### Dataset extract ###
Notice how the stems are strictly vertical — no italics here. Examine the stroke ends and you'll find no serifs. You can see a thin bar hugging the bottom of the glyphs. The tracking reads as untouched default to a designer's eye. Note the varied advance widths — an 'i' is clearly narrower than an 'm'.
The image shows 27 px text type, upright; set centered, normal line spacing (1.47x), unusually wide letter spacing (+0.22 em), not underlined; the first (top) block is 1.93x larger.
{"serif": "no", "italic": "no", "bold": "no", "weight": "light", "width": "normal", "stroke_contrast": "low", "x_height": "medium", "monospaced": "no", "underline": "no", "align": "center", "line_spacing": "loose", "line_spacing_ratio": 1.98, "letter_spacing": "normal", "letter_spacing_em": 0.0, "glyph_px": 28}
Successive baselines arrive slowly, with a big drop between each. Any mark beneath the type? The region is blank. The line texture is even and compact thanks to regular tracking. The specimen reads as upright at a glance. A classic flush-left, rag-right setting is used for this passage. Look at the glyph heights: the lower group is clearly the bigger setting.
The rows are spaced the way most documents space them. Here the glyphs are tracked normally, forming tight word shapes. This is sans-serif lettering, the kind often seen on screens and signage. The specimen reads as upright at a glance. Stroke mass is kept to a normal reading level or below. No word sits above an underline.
###
### Dataset extract ###
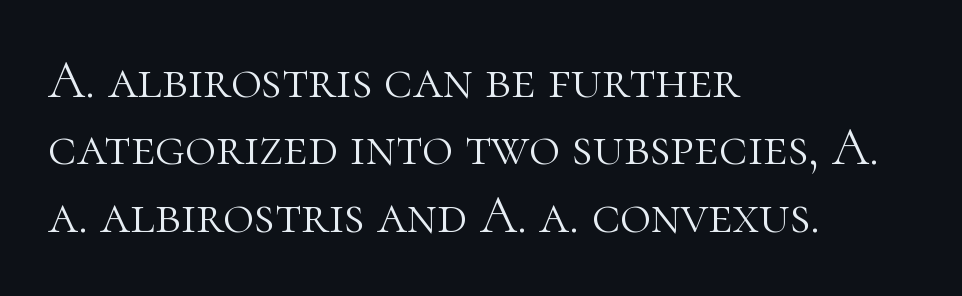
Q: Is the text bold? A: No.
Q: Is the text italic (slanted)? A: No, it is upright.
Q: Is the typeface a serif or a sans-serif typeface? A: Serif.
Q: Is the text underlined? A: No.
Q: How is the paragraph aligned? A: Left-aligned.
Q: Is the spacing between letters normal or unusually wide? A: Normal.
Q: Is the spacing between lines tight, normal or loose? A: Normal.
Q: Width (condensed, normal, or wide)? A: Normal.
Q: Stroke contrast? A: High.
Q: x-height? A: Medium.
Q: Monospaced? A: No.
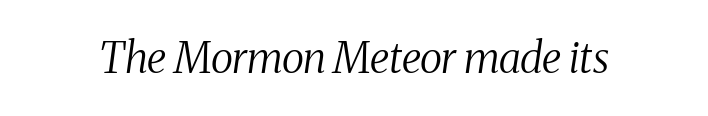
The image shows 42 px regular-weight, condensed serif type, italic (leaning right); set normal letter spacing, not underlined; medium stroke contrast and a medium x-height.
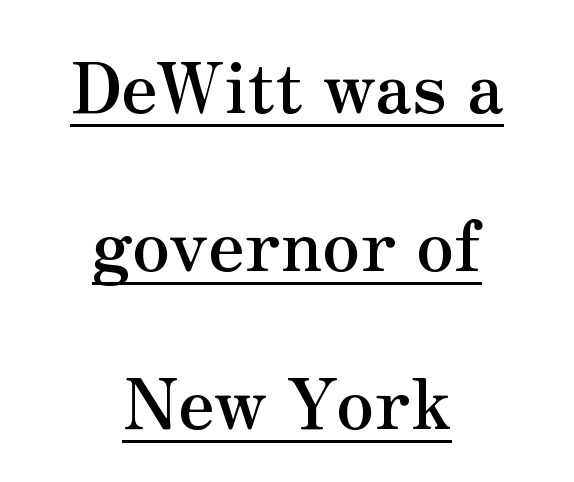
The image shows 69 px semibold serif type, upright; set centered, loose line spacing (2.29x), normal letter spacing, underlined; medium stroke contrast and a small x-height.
###
Work item: Quote the data above from the line containing "Q: Is the spacing between lines" to the line containing "Q: Monospaced? A: No.", inclusive, and stop.

Written solution:
Q: Is the spacing between lines tight, normal or loose? A: Normal.
Q: Width (condensed, normal, or wide)? A: Normal.
Q: Stroke contrast? A: High.
Q: x-height? A: Medium.
Q: Monospaced? A: No.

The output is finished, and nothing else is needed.